• **Source records**:
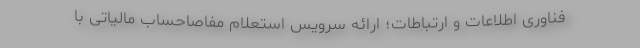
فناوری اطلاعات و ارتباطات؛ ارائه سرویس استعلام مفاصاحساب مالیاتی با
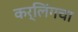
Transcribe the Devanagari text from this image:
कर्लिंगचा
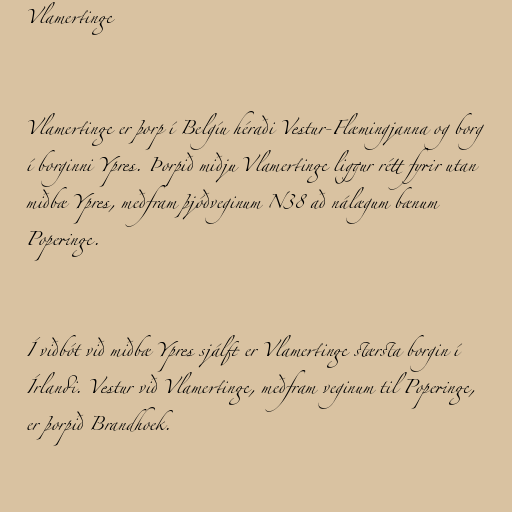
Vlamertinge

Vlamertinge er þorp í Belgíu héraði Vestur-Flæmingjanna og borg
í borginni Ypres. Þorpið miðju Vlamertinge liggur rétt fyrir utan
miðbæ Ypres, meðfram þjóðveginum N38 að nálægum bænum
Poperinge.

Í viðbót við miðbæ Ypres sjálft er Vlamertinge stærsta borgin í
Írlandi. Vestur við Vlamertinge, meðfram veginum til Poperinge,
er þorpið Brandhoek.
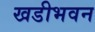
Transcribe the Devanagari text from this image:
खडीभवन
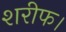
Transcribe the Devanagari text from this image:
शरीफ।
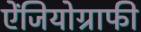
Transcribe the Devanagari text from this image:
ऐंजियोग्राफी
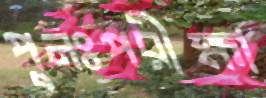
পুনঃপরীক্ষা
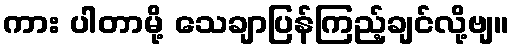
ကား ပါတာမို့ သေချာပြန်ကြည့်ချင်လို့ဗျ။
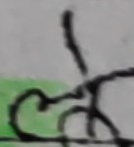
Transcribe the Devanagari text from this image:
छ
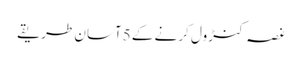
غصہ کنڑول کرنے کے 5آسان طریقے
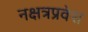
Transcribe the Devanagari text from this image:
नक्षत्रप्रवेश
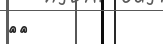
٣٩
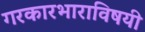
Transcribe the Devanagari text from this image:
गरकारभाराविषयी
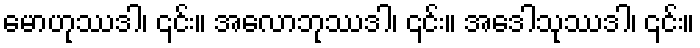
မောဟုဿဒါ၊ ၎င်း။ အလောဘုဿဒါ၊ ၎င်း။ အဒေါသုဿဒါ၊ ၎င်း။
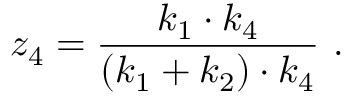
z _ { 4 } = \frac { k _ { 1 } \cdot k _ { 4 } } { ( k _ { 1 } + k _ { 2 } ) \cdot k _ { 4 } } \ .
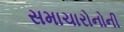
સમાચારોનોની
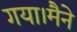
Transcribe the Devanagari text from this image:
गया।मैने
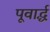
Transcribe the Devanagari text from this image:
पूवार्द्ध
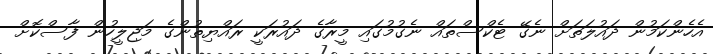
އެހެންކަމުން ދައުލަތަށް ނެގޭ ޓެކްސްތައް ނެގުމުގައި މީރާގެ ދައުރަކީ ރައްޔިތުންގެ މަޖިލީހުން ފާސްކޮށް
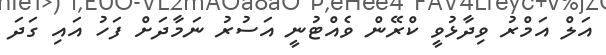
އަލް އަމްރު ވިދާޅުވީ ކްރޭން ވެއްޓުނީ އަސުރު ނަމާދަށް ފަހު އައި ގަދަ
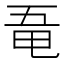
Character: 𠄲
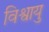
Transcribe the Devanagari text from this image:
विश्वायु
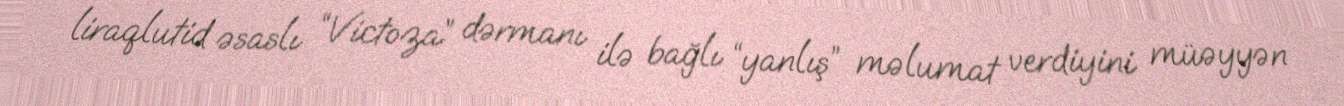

• **Activity**: Find the line with "Character: 𠄲". Reproduce it and every line after it through the last line above exactly, leaving out the pictures.

• **Result of the exercise**:
Character: 𠄲
Transcribe the Devanagari text from this image:
विश्वायु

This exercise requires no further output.